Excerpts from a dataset
== Segment start ==
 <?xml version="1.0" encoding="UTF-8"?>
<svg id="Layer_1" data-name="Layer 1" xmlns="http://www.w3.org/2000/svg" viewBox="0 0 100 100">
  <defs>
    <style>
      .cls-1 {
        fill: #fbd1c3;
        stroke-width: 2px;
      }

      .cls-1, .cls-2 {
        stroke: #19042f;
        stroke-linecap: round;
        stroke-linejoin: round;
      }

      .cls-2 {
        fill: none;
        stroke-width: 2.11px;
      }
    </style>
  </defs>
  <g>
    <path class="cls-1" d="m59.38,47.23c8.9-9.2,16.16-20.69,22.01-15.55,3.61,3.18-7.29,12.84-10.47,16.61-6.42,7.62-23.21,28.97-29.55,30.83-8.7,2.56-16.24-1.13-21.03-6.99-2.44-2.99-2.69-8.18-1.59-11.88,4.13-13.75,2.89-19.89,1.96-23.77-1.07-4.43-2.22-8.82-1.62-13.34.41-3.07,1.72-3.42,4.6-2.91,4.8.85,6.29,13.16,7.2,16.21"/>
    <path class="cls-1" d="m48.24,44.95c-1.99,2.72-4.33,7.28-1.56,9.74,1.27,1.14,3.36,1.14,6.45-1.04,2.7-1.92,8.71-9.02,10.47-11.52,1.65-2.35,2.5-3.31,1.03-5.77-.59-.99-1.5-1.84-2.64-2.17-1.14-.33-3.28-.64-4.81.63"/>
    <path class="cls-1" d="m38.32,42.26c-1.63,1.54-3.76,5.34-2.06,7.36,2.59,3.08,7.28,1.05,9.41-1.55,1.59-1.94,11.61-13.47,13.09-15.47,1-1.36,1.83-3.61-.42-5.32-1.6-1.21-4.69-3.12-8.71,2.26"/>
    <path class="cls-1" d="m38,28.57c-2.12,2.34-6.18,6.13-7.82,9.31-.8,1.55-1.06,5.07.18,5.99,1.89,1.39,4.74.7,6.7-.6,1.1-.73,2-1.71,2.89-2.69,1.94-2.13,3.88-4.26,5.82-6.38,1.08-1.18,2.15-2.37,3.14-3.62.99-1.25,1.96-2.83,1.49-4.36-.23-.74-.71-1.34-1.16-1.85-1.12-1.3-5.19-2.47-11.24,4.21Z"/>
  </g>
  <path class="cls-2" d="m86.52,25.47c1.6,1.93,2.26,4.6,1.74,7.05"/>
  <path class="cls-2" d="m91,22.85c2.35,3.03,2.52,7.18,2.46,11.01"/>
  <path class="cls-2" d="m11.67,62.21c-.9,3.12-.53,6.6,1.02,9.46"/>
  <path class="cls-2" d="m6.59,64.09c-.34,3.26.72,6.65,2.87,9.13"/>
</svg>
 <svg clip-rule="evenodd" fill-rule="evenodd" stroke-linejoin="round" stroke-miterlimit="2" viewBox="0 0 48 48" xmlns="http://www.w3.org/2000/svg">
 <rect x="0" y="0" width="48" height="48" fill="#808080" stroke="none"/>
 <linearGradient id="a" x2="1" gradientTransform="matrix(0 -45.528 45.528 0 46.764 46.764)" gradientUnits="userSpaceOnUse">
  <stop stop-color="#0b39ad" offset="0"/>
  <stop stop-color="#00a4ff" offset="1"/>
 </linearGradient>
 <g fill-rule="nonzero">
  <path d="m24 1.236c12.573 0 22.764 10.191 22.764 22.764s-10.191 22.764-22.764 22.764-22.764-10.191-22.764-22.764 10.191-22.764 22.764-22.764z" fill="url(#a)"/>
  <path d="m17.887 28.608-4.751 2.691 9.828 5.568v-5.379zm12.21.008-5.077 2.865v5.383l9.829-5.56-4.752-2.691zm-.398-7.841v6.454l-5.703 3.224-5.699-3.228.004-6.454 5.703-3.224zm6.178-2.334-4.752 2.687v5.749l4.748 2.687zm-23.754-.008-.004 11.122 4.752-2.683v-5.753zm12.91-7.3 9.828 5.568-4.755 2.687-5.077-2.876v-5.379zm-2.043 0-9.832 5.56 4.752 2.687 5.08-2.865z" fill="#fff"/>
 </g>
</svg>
== Segment end ==
Task to complete
What is wanted is every line from the first line of the entries through the line that contains "stroke: #19042f;", given again exactly.

Result of this exercise
 <?xml version="1.0" encoding="UTF-8"?>
<svg id="Layer_1" data-name="Layer 1" xmlns="http://www.w3.org/2000/svg" viewBox="0 0 100 100">
  <defs>
    <style>
      .cls-1 {
        fill: #fbd1c3;
        stroke-width: 2px;
      }

      .cls-1, .cls-2 {
        stroke: #19042f;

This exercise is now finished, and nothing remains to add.